Where do ANVISA policies stand in comparison with global regulations such as the European, Japanese or US. FDAs?
The overall technical requirements defined by Anvisa are convergent with the ones defined by Europe, USA and Japan. The agencies of these countries have gained a great amount of experience in the subject through the important number of applications they received. Anvisa's regulatory model is obviously different due to the distinct research environment in Brazil. For readers to better understand the situation in our country, there are models of public health policies that interrelate with private health plans. Likewise, there is public and private funding for research centers and biotechnology companies that must be inter-acting in a different reality from other countries.
For advanced therapy products, we use a regulatory model that provides a pre-market assessment with the possibility of conditional authorization, while focusing on the risk-based monitoring assessment. The model is well developed for conventional blood, tissue and cell banks in Brazil and has appeared to be useful with some amendments to adapt it to advanced therapies, specifically for efficacy, safety, and quality reviews of clinical trials and marketing authorization. Moreover, the approach of monitoring the entire product life cycle from development stage to its clinical use by patients is critical. Another point that deserves attention in the Brazilian model was the definition of advanced therapy products as a new class of therapeutic product other than medicine and health products, for example. This proposal gives opportunity for the development of innovative regulatory mechanisms.

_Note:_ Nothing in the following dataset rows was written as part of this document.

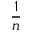
\frac { 1 } { n }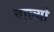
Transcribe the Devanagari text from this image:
चाल्यो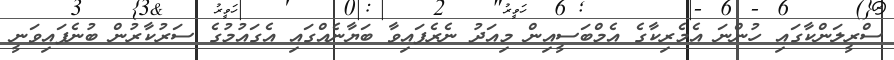
ސްރީލަންކާގައި ހުންނަ އެމެރިކާގެ އެމްބަސީއިން މިއަދު ނެރެފައިވާ ބަޔާނެއްގައި އެގައުމުގެ ސަރުކާރުން ބުނެފައިވަނީ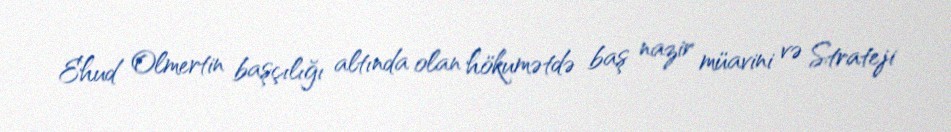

What would be the average reviewing timeframe for a specific application?
It depends on the product and the development phase. For example, a highly complex gene therapy product (Class II) maximum reviewing time was set for 180 days from filing to a first decision. Advanced therapy products of less complexity such as Class I products, initiating research can be done immediately after submission of the documentation to the Agency, while the reviewing deadline is reduced to 30 days before issuance of the export and import authorization, if necessary.
It is hoped that these initiatives will promote the research and development of advanced therapies in Brazil, and perhaps, to serve as a model for the rest of the countries in the region. It is also important that such regulatory frame serves as a barrier for the misuse of cell therapy while encouraging legitimate scientific and clinical advancements in the region. The final intention of such initiative among others is to move the stem cell field from a medical buzzword to clinical evidence.